● **Aim of the task**: Using the records below, count the lines with "Best" in them. Give the number only.

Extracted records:
········

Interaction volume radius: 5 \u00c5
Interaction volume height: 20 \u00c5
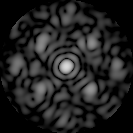
Disorder parameter: 0.5179
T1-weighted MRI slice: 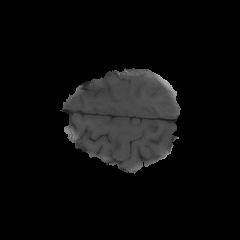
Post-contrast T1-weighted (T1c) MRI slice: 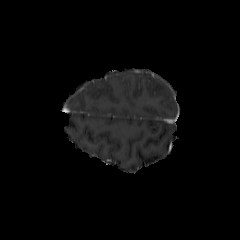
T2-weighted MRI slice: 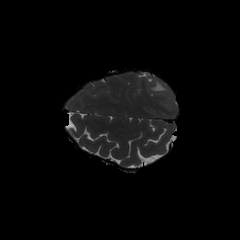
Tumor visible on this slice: yes
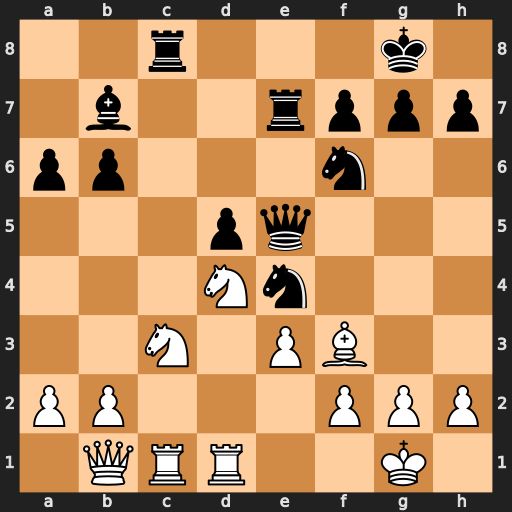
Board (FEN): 2r3k1/1b2rppp/pp3n2/3pq3/3Nn3/2N1PB2/PP3PPP/1QRR2K1
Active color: w
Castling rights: -
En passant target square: -
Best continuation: Nxe4 dxe4 Rxc8+ Bxc8 Nc6
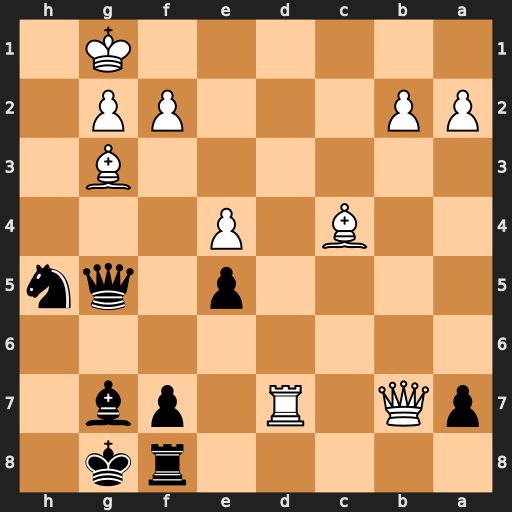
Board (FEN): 5rk1/pQ1R1pb1/8/4p1qn/2B1P3/6B1/PP3PP1/6K1
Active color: b
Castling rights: -
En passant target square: -
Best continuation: Qc1+ Kh2 Qxc4
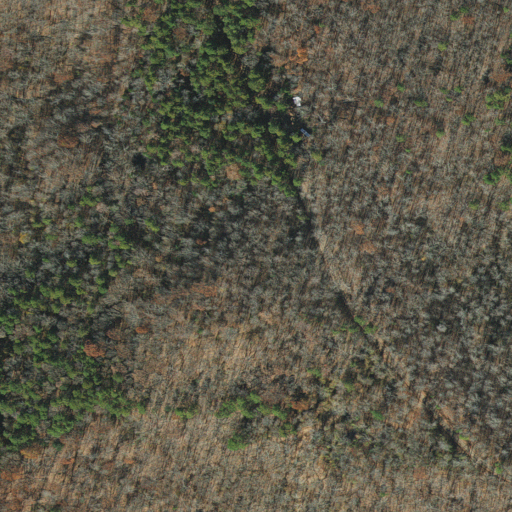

········

● **Task answer**: 2